Chapitre 11

J'ai l'impression que plusieurs heures se sont écoulées et que ce dessert est infini. Je crains que Sophie, trop énervée ne se soit faite ramener par Mike. Je me répète, qu'il m'aurait prévenue dans ce cas. Mais cela ne réduit pas mon stress. Je crois avoir compris un peu plus ma sœur et je ne compte pas la rendre à ma mère tout de suite. J'espère ne pas me tromper, sinon, une énième dispute éclatera et, deux en une seule journée, c'est beaucoup.

Mon portable sonne enfin.

On se rejoint à l'entrée ?

Ce n'est pas Sophie -mais Mike- et j'ai peur qu'elle ne m'adresse plus la parole pendant un moment. Je sais l'avoir blessée et je suis l'adulte. Je suis censée prendre sur moi. Cependant, tout le monde a ses limites.

Oui.

Je m'y trouve déjà, de toute manière. Je prends garde à inspirer et expirer correctement avant sa venue. De loin, je l'aperçois qui se stoppe. Becca lui dit quelques mots, Mike et Ashley également. Je me doute que cette dernière ne soit pas tendre avec moi. Si elle te menace, hurle. Lui a-t-elle sans doute conseillé. Sophie n'hésite pas avant d'avancer. Fière et arrogante, elle s'approche de moi. Je l'imagine déjà tourner brusquement la tête pour me faire comprendre qu'elle est fâchée. Je ne lui en laisserais pas l'occasion cette fois. Elle n'est pas encore tout à fait devant moi, que je lui lance :

— J'ai réfléchi.

L'annonce la déstabilise puisqu'elle manque de tomber. Elle se stoppe devant moi, son visage me disant « Ouais, et ? ». Je prends le temps de m'abaisser à son niveau. Son jeu ne m'atteindra pas. Cette fois, c'est moi qui mènerais la danse.

— J'ai essayé de comprendre certaines de tes réflexions et je pense que ta logique est un peu plus ordonnée pour moi. Je m'excuse donc pour ce verre, qui n'est pas une attitude correcte.

Elle hoche la tête, sans changer d'expression.

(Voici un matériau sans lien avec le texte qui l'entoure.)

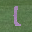
Label: 1
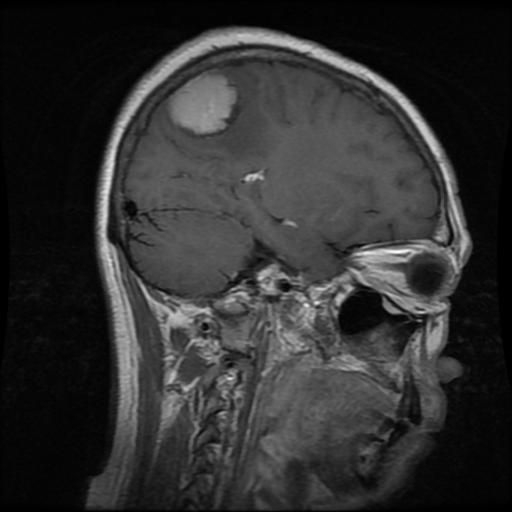
Label: meningioma
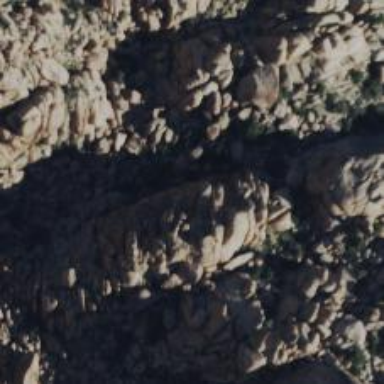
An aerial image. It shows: Natural cliff.
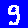
Digit: 9
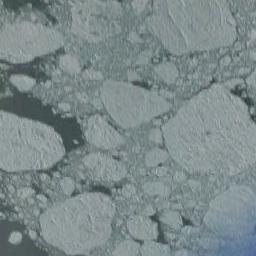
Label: sea_ice

— A présent, j'aimerais que tu fasses ce que je te demande. Ça va te sembler un peu bizarre au début, mais quand on aura fini, je t'expliquerais. Ok ?

— Aucun reproche ?

Ce n'est pas mon but. J'espère allumer une ampoule dans le noir de son esprit.

— Promis.

— Alors, ok. Je fais quoi ?

Je me redresse soulagée. Sophie a l'air d'être plus intelligente que je ne le pense. Mike lui a-t-il encore parlé en trouvant les bons mots ?

— Tu as du maquillage avec toi ?

Elle hoche la tête, ce qui ne m'étonne pas.

— Suis-moi.

Je m'assois sur un banc, puis la fixe.

— D'après toi, je ne prends pas soin de mon apparence, pourquoi ?

Ma sœur semble immédiatement saisir ce que je souhaite.

— Vraiment ? questionne-t-elle un sourire aux lèvres.

— Prend tes trucs bizarres et maquille-moi. Mais juste la moitié du visage, c'est important.

Cette partie la fait un peu froncer les sourcils. Cependant, elle passe très vite dessus et se met à la tâche. Je ne fais aucun commentaire, ne l'arrête à aucun moment -et mon Dieu, combien j'en ai envie- et la laisse s'en donner à cœur joie. Je ne comprends pas son engouement pour cet artifice, même si je conçois les sentiments qu'il peut donner. Confiance en soi. Sentiment de supériorité. L'impression d'être quelqu'un d'autre.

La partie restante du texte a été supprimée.